> EXERCISE:
Please reproduce the records below exactly, omitting any pictures they contain.
================
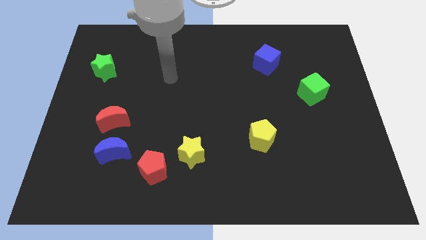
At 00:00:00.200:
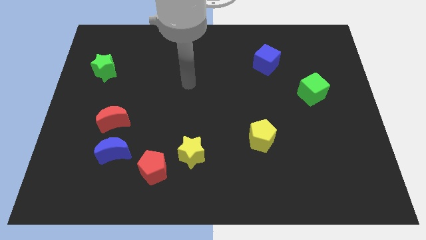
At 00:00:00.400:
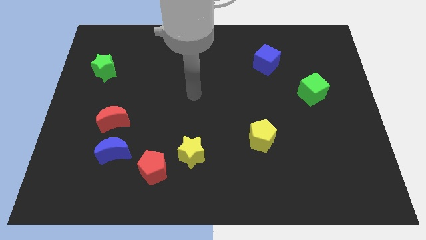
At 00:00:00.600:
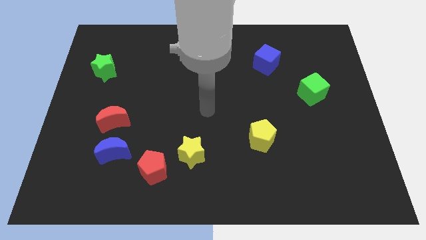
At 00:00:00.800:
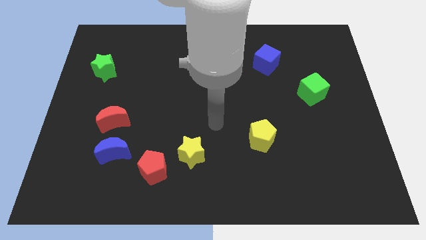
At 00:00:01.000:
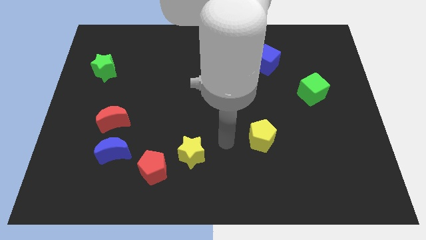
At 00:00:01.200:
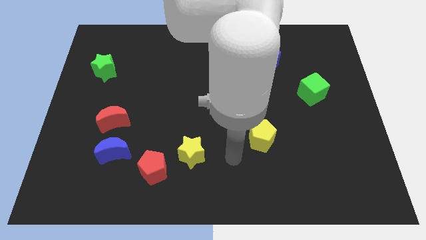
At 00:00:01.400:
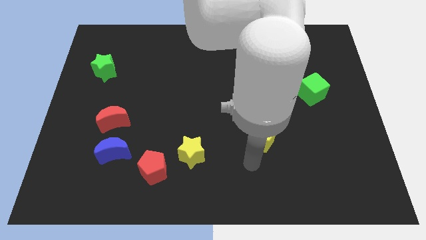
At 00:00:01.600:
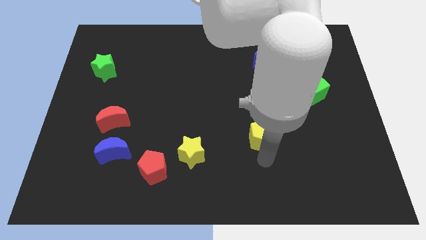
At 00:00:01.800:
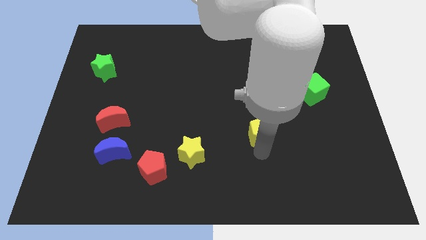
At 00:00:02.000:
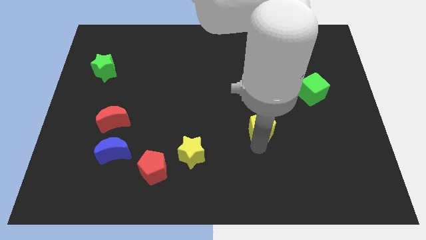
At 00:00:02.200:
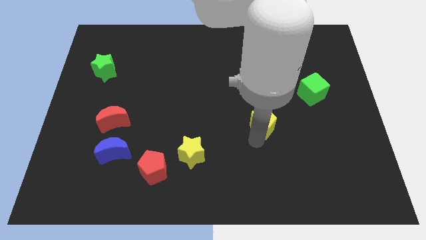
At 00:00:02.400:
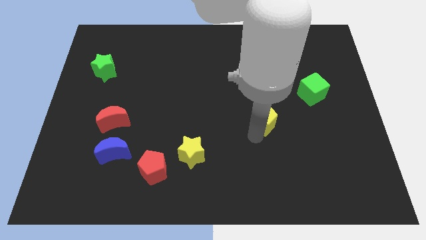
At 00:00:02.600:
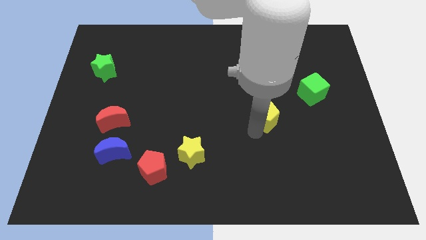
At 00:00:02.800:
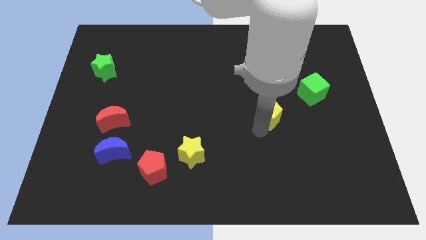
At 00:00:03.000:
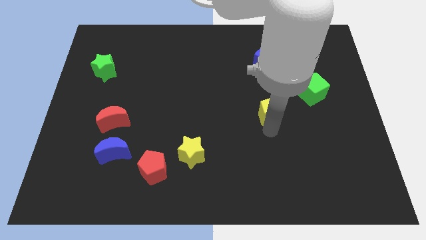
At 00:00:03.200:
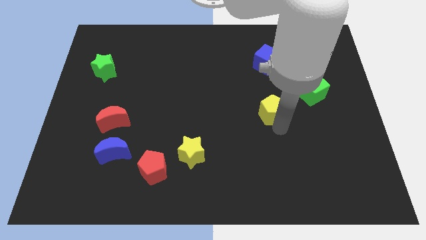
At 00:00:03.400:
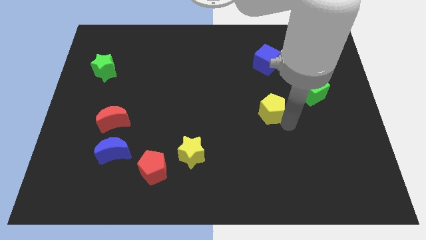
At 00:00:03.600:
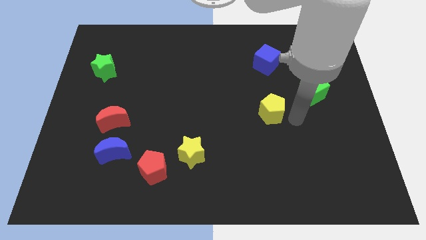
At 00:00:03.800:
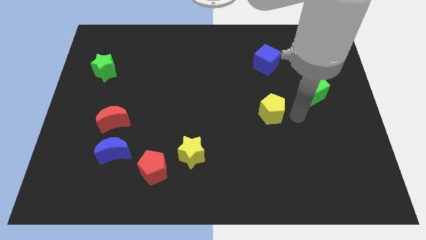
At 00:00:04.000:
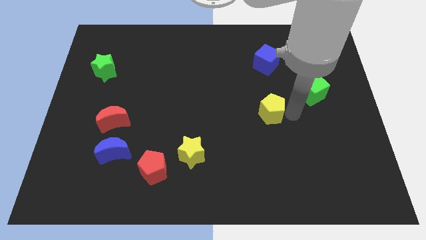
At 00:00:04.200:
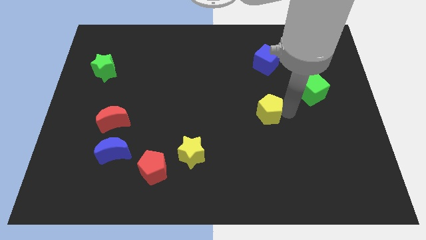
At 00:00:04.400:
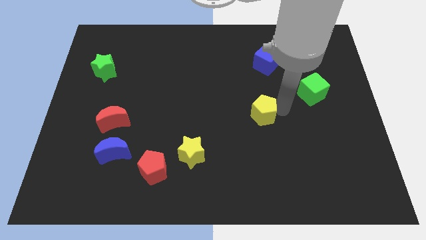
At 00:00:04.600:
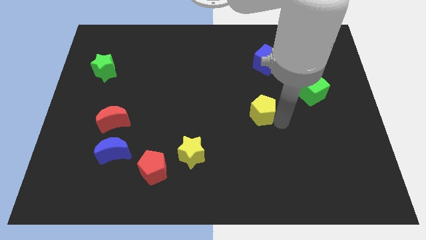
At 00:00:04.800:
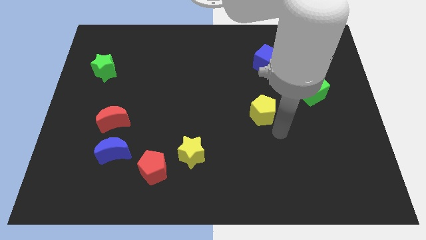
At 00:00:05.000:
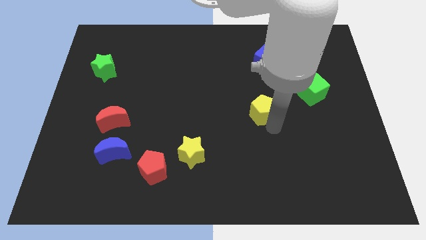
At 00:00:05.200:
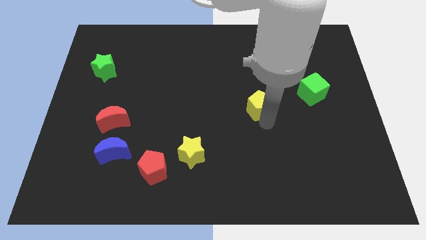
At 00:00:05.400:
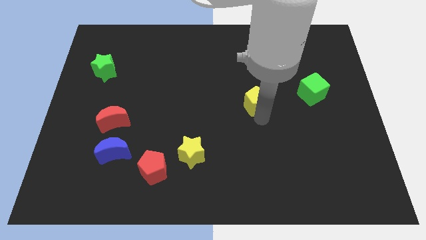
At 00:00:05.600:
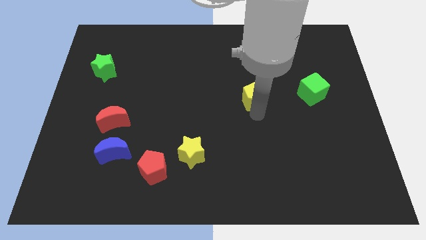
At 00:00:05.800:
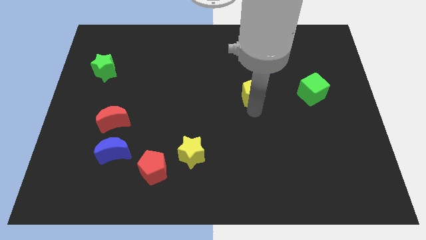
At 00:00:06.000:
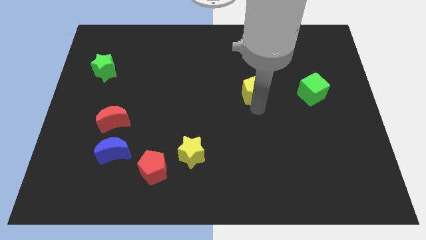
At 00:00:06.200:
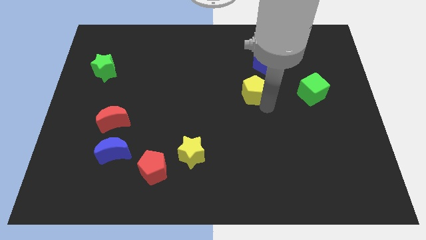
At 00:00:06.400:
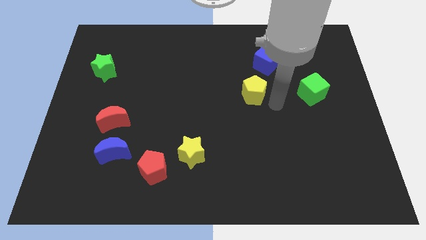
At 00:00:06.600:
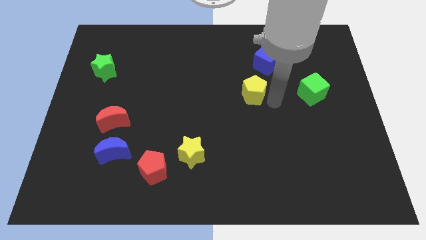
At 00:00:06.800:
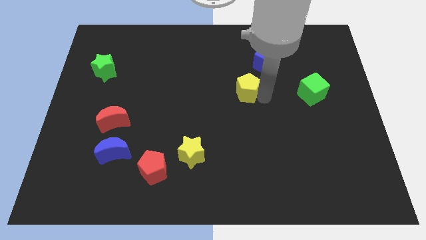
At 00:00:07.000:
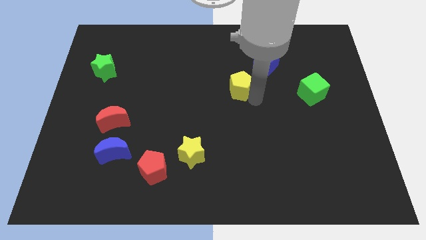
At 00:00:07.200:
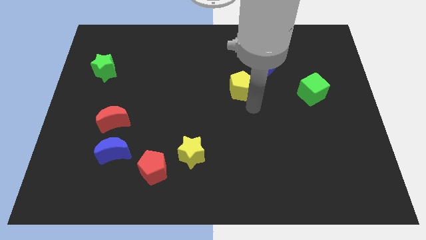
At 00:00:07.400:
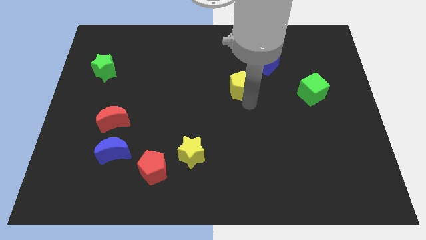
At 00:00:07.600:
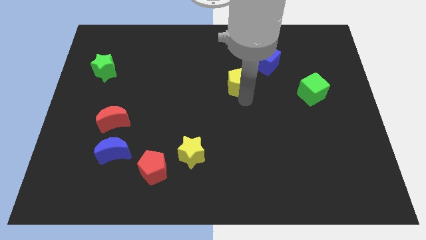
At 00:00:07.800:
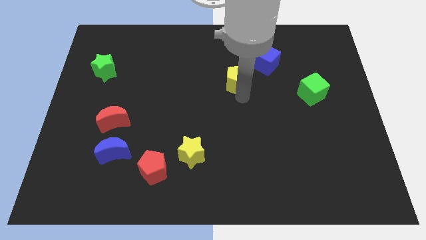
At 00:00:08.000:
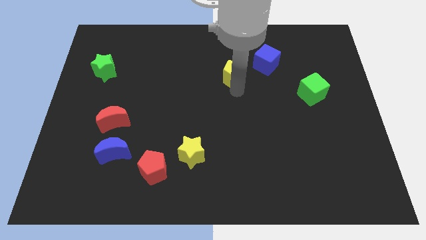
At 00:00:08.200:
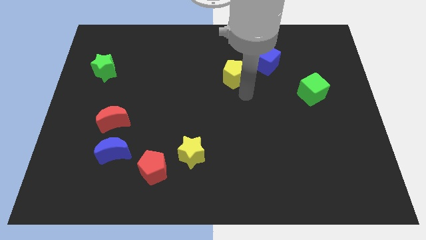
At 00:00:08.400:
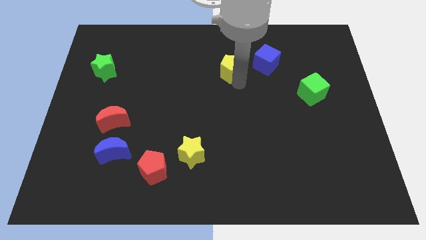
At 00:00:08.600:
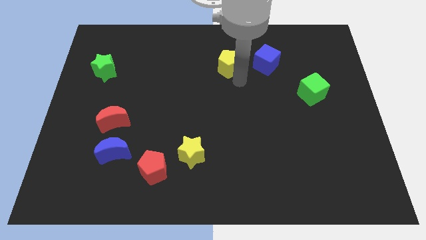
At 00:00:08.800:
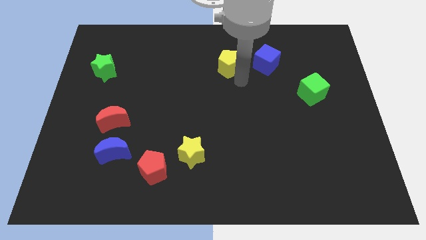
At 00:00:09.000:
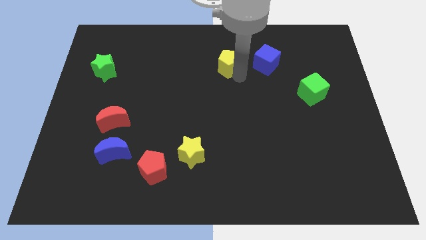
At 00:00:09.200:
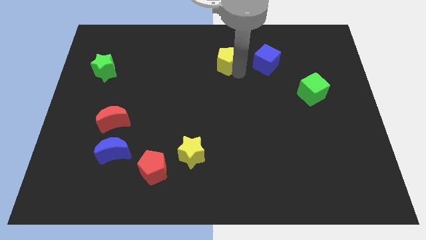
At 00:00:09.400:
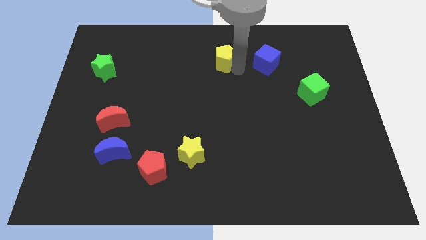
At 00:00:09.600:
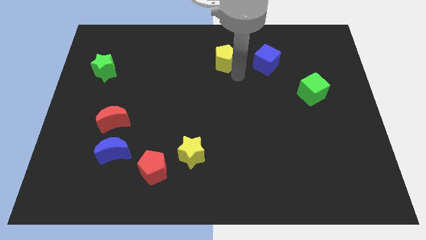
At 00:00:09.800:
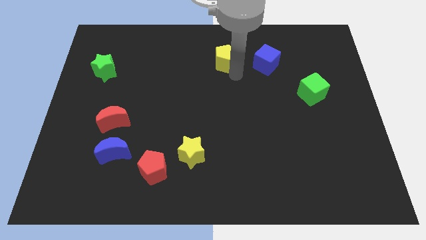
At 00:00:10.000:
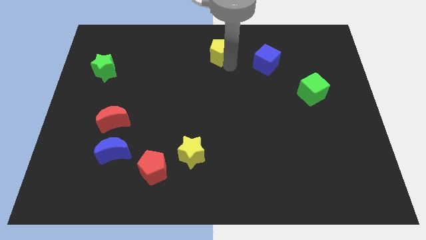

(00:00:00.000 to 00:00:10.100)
move the yellow pentagon to the top
================
> SOLUTION FOR THIS PROBLEM:
At 00:00:00.200:
At 00:00:00.400:
At 00:00:00.600:
At 00:00:00.800:
At 00:00:01.000:
At 00:00:01.200:
At 00:00:01.400:
At 00:00:01.600:
At 00:00:01.800:
At 00:00:02.000:
At 00:00:02.200:
At 00:00:02.400:
At 00:00:02.600:
At 00:00:02.800:
At 00:00:03.000:
At 00:00:03.200:
At 00:00:03.400:
At 00:00:03.600:
At 00:00:03.800:
At 00:00:04.000:
At 00:00:04.200:
At 00:00:04.400:
At 00:00:04.600:
At 00:00:04.800:
At 00:00:05.000:
At 00:00:05.200:
At 00:00:05.400:
At 00:00:05.600:
At 00:00:05.800:
At 00:00:06.000:
At 00:00:06.200:
At 00:00:06.400:
At 00:00:06.600:
At 00:00:06.800:
At 00:00:07.000:
At 00:00:07.200:
At 00:00:07.400:
At 00:00:07.600:
At 00:00:07.800:
At 00:00:08.000:
At 00:00:08.200:
At 00:00:08.400:
At 00:00:08.600:
At 00:00:08.800:
At 00:00:09.000:
At 00:00:09.200:
At 00:00:09.400:
At 00:00:09.600:
At 00:00:09.800:
At 00:00:10.000:

(00:00:00.000 to 00:00:10.100)
move the yellow pentagon to the top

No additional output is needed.